Greece’s new state television channel began airing news programs yesterday, more than two months after the government’s abrupt closure of state broadcaster ERT drew international condemnation and triggered an acute political crisis.
The move came as the European Broadcasting Union (EBU), the world’s largest association of public broadcasters, halted the relay of programs that the sacked workers of the now defunct ERT have been producing since the closure. Since ERT was shuttered on June 11, ERT workers have taken over the company’s building in Athens and produced 24-hour programing that the EBU has been streaming by satellite and the Internet.
Greece’s conservative-led government cited the need to cut costs due to the country’s severe financial crisis when it abruptly closed ERT and fired all 2,700 staff. The ensuing outcry led to a small left-wing party withdrawing from the country’s fragile three-party governing coalition, leaving the government with a tiny majority in parliament.
The EBU announced earlier this week that it would halt its streaming of those programs yesterday morning because ERT’s interim successor was to begin news programing. So far, a temporary state broadcaster set up after ERT’s closure had been airing mainly documentaries and old Greek movies.

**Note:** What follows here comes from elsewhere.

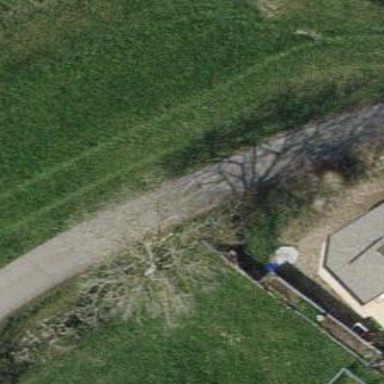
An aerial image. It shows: Driveway.
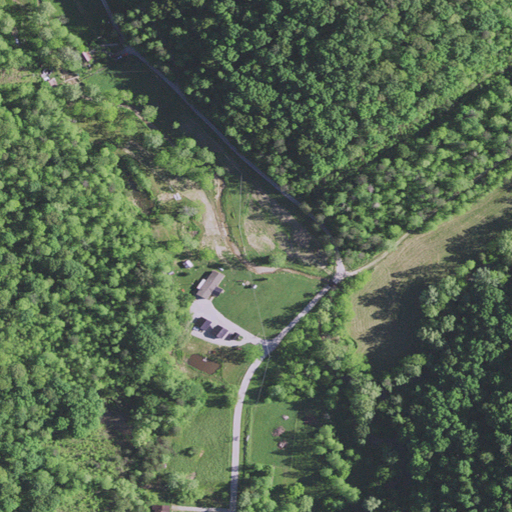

In a statement posted on its Web site, the EBU said it “believes that independent public service media is indispensable for democracies, culture and societies’’ and that when ERT was abruptly shut down, it “felt it had no option but to immediately take action to prevent Greek screens from remaining black, by carrying the satellite signal being produced by former ERT staff and streaming it on our Web site.’’
As a result, it committed to helping out until a basic public service media output had been established.
“This pledge has been honored,’’ EBU said.
ERT unionists vowed the programing by the sacked workers would continue via the Internet.